We will use marginalization to find the likelihood that pixel p belongs to cluster A

P (p is in cluster A) = P(p is part of an apple | cluster A is an apple) * P (cluster A is an apple)

+ P(p is part of a strawberry | cluster A is a strawberry) * P (cluster A is a strawberry)

+ P(p is part of a raspberry | cluster A is a raspberry) * P (cluster A is a raspberry)

If this probability is high, then we are more likely to put p in cluster A, even if the feature vector distance to the current mean of A is not the minimum.

Using other approaches for segmentation with our algorithm

With the mean-shift and graph based approaches, it isn't exactly clear yet how we will incorporate labeling guesses in assisting the segmentation. However, we do want to explore these other methods before we commit to using k-means.

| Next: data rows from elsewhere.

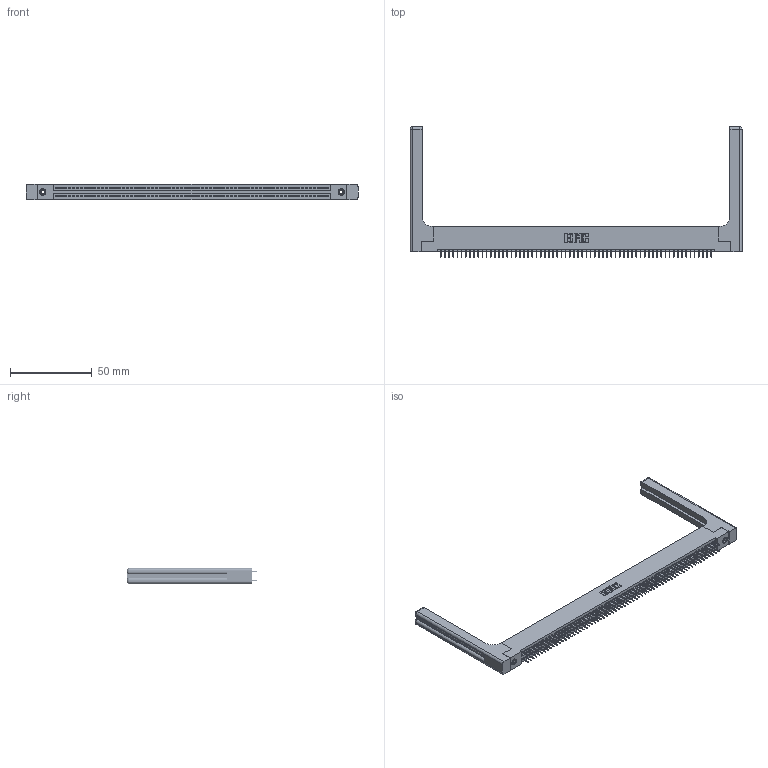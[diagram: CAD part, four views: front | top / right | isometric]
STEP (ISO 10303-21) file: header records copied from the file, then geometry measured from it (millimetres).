
FILE_DESCRIPTION (( 'STEP AP203' ), '1' );
FILE_NAME ('395-132-525-258.STEP', '2020-09-26T02:27:59', ( '' ), ( '' ), 'SwSTEP 2.0', 'SolidWorks 2020', '' );
FILE_SCHEMA (( 'CONFIG_CONTROL_DESIGN' ));
Length unit declared in the file: inch
Products named in the file (5): 345 Part_Flush Mounting Lugs - 0.156 Dia-TH; 345-292-001_345-293-125; 345-250-001_345-250-001-102; 395-132-525-258; 345-220-058_345-220-058
Assembly tree (137 placements, depth 2):
  395-132-525-258
    345 Part_Flush Mounting Lugs - 0.156 Dia-TH
    345-292-001_345-293-125  x132
    345-250-001_345-250-001-102  x2
    345-220-058_345-220-058  x2
Bounding box: 202.67 x 79.68 x 9.4 mm (x, y, z)
Volume: 28167.9 mm3; surface area: 33978.2 mm2
Topology: 137 solids, 137 shells, 7510 faces, 21203 edges, 13586 vertices
Faces by surface type: plane 5376, cylinder 2074, bspline 36, cone 12, sphere 8, torus 4
Entity records: 53810 total; most frequent: CARTESIAN_POINT 9989, ORIENTED_EDGE 8720, DIRECTION 7712, EDGE_CURVE 4360, LINE 3876, VECTOR 3876, VERTEX_POINT 2894, AXIS2_PLACEMENT_3D 1918

Graph based approach (in more detail)

http://www.cs.brown.edu/~pff/papers/seg-ijcv.pdf

Abstract and Link to Full Proposal

Indoor Scene Understanding via Parse Graphs

Abstract:

     The aim of this project is to explore a new approach to scene understanding from a single image. Rather than attempt to extract the precise 3D structure of the scene, the goal is to identify contextual and spatial relationships between different objects in the scene. From this we can estimate an approximate geometric layout that is sufficient for most applications, particularly navigation.
     Many techniques for this purpose use a pipeline of image segmentation, followed by classification of individual segments, and then derive some understanding of the scene. Instead of a pipeline approach where each step is independent of the other(s), we will use an iterative algorithm whereby the segmentation, classification, and scene understanding processes all assist one another.
     To accomplish this, we will be using a variation of the k-means clustering algorithm, where clusters are labeled at each iteration, and these labels influence how pixels are assigned to clusters on subsequent iterations. In addition, we will construct a parse graph whose nodes are all possible labels, and whose edges are all possible relationships between labels. At each iteration, we improve our understanding of the scene by setting the likelihoods of each label and relationship, eventually simplifying the graph to one that best fits the scene. Using this, we can approximate the depths and positions of objects relative to one another.

Link to Full Proposal

Monday, April 2, 2012

First Post

We are currently looking for potential test images to start with, this one we used fall quarter for k-means clustering, so we might use this one again.